3. If a coin is tossed 5 times, and then a standard six-sided die is rolled 2 times, and finally a group of three cards are drawn from a standard deck of 52 cards without replacement, how many different outcomes are possible?

coin <- c("H", "T")
die <- seq(1, 6)
deck <- c(LETTERS[seq(1, 26)], letters[seq(1, 26)])

c5 <- calc_permutations_with_repitition(length(coin), 5)
di2 <- calc_permutations_with_repitition(length(die), 2)
de3 <- calc_permutations(length(deck), 3)

outcomes <- format_csn(c5 * di2 * de3)

• There are 152,755,200 possible outcomes.

4. 3 cards are drawn from a standard deck without replacement. What is the probability that at least one of the cards drawn is a 3? Express your answer as a fraction or a decimal number rounded to four decimal places.

p_zero_3s <- (48 / 52) * (47 / 51) * (46 / 50)
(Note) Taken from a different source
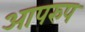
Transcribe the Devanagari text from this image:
आपरुप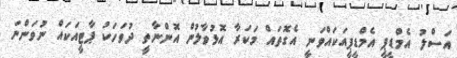
އަސްލު އެމްޑީޕީ އެމްޑީޕީއަކައްވަނީ އެގޮތައް މަކަރާ އޮޅުވާލުން އޮންނާތީ ދުވަހަކު ޕާޓީއަކައް ނުވަންނަ

p_at_least_one_3 <- round(1 - p_zero_3s, 4)

• The probability that at least one of the cards drawn is a 3 is 0.2174.

5. Lorenzo is picking out some movies to rent, and he is primarily interested in documentaries and mysteries. He has narrowed down his selections to 17 documentaries and 14 mysteries.

• Step 1. How many different combinations of 5 movies can he rent?

movies <- c(LETTERS[seq(1, 17)], letters[seq(1, 14)])
m5 <- format_csn(calc_combinations(length(movies), 5))

• There are 169,911 combinations of movies he can rent.

• Step 2. How many different combinations of 5 movies can he rent if he wants at least one mystery?

myst <- letters[seq(1, 14)]
docs <- LETTERS[seq(1, 17)]

myst1 <- calc_combinations(length(myst), 1)
docs4 <- calc_combinations(length(docs), 4)

myst2 <- calc_combinations(length(myst), 2)
docs3 <- calc_combinations(length(docs), 3)

myst3 <- calc_combinations(length(myst), 3)
docs2 <- calc_combinations(length(docs), 2)

myst4 <- calc_combinations(length(myst), 4)
docs1 <- calc_combinations(length(docs), 1)

myst5 <- calc_combinations(length(myst), 5)

combs <- format_csn(sum(myst1, docs4, myst2, docs3, myst3, docs2, myst4,
                        docs1, myst5))

• There are 6,685 combinations of movies he can rent if he wants at least one mystery.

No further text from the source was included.